# convert a quantum-number MPS to a no-quantum-number MPS

+1 vote

What I want to do is to compute <psi1|OP|psi2>,

inner (psi1, OP, psi2);


where psi1 and psi2 are MPS and OP is an MPO. Here psi1 and psi2 have conserved but different quantum numbers (particle number), but OP does not. For example psi1 and psi2 have 1 and 2 electrons respectively, and OP is the annihilation operator.

In my task, psi1 and psi2 are loaded from files, and OP is generated by the program. Since OP does not conserve quantum number, I cannot use the SiteSet from psi1 to create OP, while the function "inner" requires psi1, psi2 and OP have the same Site indices. What is the proper way to do such tasks? Thanks!

commented by (46.8k points)
Hi Chiamin,
One question to clarify: is OP just a single-site or few-site operator, or is it a sum of many terms?

Miles
commented by (250 points)
Hi Miles,

OP is an MPO for sum of many terms. In my case, it is an MPO for superconducting order parameter.
commented by (46.8k points)
Thanks - ok just wanted to make sure an MPO was necessary. If it was a single or few-site operator there might be a simpler approach.

My other question is this: I see that your MPO does not conserve the quantum number, but does it change it by a definite amount? That’s actually all that is required to still use the QN system in ITensor. So for example if one is conserving particle number and the MPO has the property of always lowering the particle number by exactly 1, then even though the MPO does not conserve particle number you can still make it with AutoMPO and using QN ITensors.

But maybe for your case your MPO creates a superposition of states with many different particle numbers? I’m not sure.

Thanks,
Miles
commented by (250 points)
Yes. The MPO is the sum of creation and annihilation operators of a singlet on every bonds, so it change the particle number for +2 or -2. And psi1 and psi2 have particle number difference 2.

+1 vote

Hi Chiamin,
Thanks for the question. I realized we hadn't documented this feature well enough so I just added some information about it to the website.

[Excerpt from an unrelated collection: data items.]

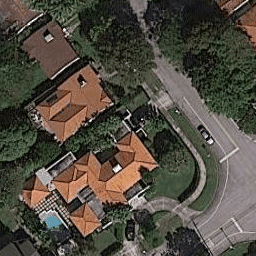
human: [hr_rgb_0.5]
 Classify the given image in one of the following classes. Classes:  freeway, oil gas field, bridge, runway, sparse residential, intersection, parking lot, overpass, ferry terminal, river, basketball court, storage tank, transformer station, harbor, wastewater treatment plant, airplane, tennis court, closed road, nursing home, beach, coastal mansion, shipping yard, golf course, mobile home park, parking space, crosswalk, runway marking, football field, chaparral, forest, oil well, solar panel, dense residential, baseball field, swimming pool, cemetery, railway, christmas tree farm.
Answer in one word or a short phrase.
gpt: coastal mansion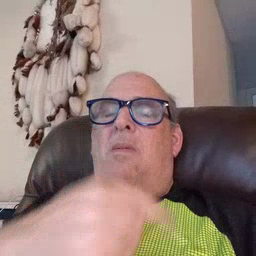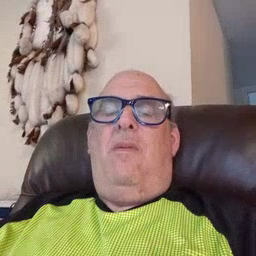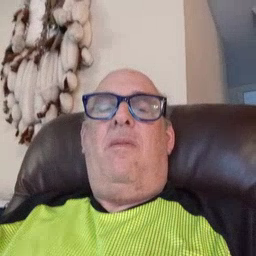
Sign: cry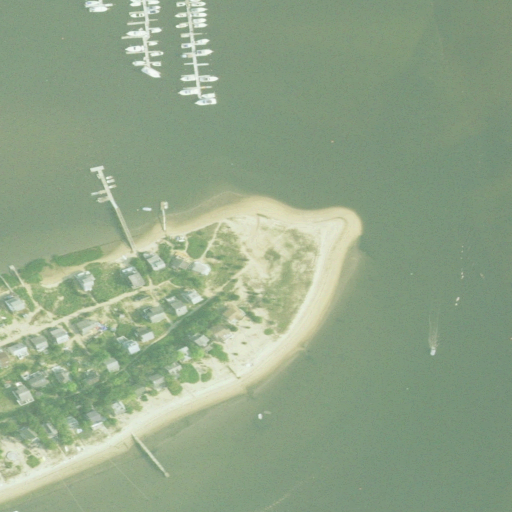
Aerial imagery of cape in Connecticut named Sandy Point (historical) containing open water, barren land, medium intensity development, low intensity development, and high intensity development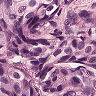
Metastatic tissue present: yes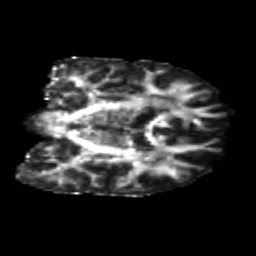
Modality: FA
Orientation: coronal
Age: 24
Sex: male
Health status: healthy
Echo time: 0.074 s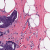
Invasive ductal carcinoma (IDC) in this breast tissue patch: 1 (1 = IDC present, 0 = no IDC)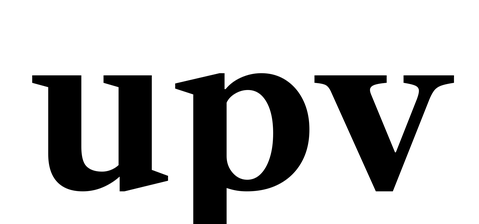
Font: LibreCaslonText_Bold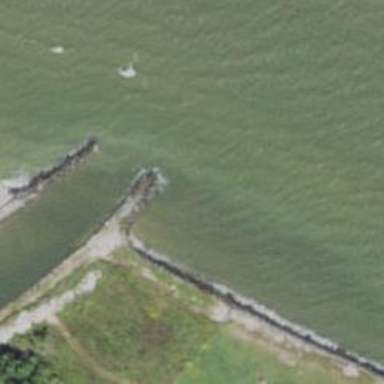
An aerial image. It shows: Breakwater structure.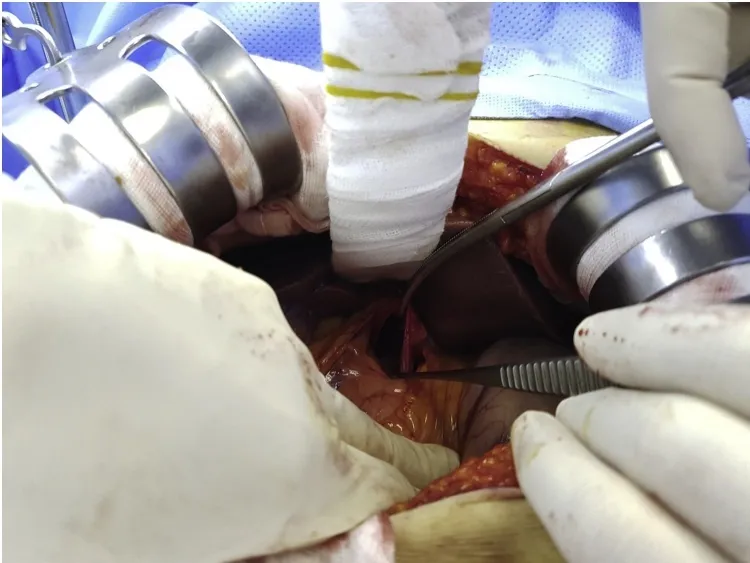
Photograph taken during exploratory laparotomy, showing a ruptured hepatic cyst that had originated from the caudate lobe of the liver.
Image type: medical_photograph (other_medical_photograph)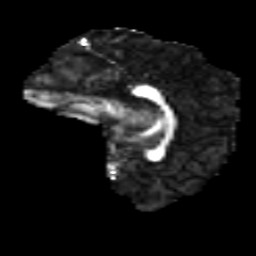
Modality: FA
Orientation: sagittal
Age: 16
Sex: male
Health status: ill
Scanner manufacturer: ge
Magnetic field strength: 3 T
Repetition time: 6.987 s
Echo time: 0.0828 s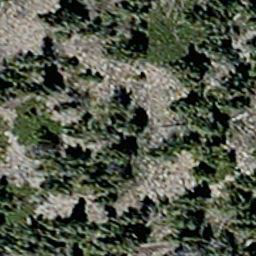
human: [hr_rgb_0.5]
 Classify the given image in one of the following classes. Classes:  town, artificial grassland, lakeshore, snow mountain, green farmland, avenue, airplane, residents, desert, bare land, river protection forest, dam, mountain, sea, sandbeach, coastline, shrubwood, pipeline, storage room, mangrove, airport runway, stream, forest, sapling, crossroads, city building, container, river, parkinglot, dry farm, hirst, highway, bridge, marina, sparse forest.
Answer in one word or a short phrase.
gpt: sparse forest
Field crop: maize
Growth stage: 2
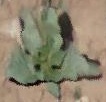
Species: datura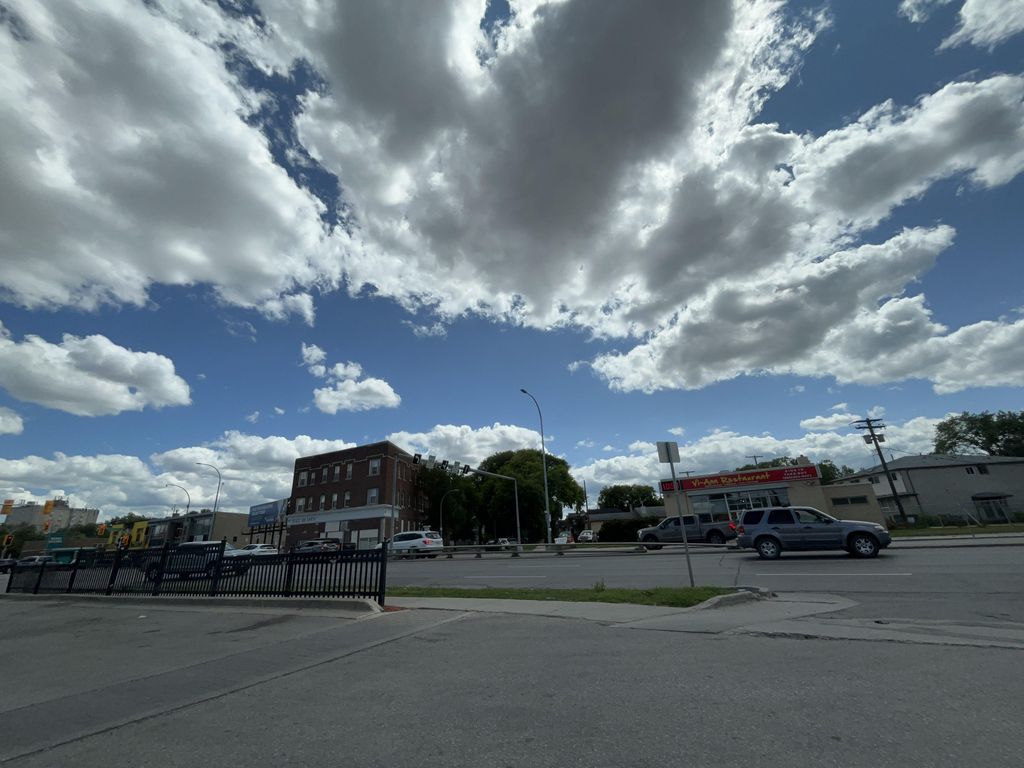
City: winnipeg
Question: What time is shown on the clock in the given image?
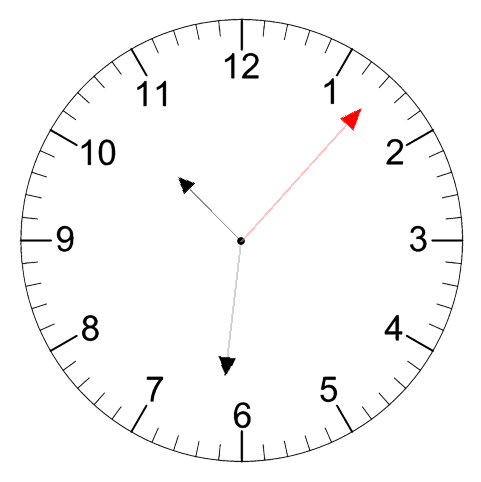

The feature I'd recommend you use for this is the function removeQNs(psi) where psi is an MPS. You can call a similar function on an MPO. The removeQNs function returns an MPS (or MPO) with all of the zeros filled in and QN information removed from the indices.

So if you are able to make your operator as an MPO and your MPS as well, then you can call removeQNs on all of them to get dense versions and compute the quantity you want with inner. Note that depending on how you made each MPS or the MPO you may need to modify their site indices to be the same. But if e.g. you made the MPO with AutoMPO using the same site set as for the MPS then you should be fine.

Best,
Miles

commented by (250 points)
Thanks Miles! Is it possible to remove only one of the quantum number? For example, remove the quantum number of particle number but remain the total Sz conserved? It is not necessary but just wonder.
commented by (46.8k points)
Hi Chiamin,
Good question. It is not possible right now, but it would be a really good feature to have in the future, and ideal for a case like this, since your operator conserves fermion parity. We may add this feature first in the Julia version as the block-sparse storage system there has a more flexible and general-purpose design (see NDTensors.jl) and because we are planning to implement ITensor slicing there which may involve some of the same pieces of code.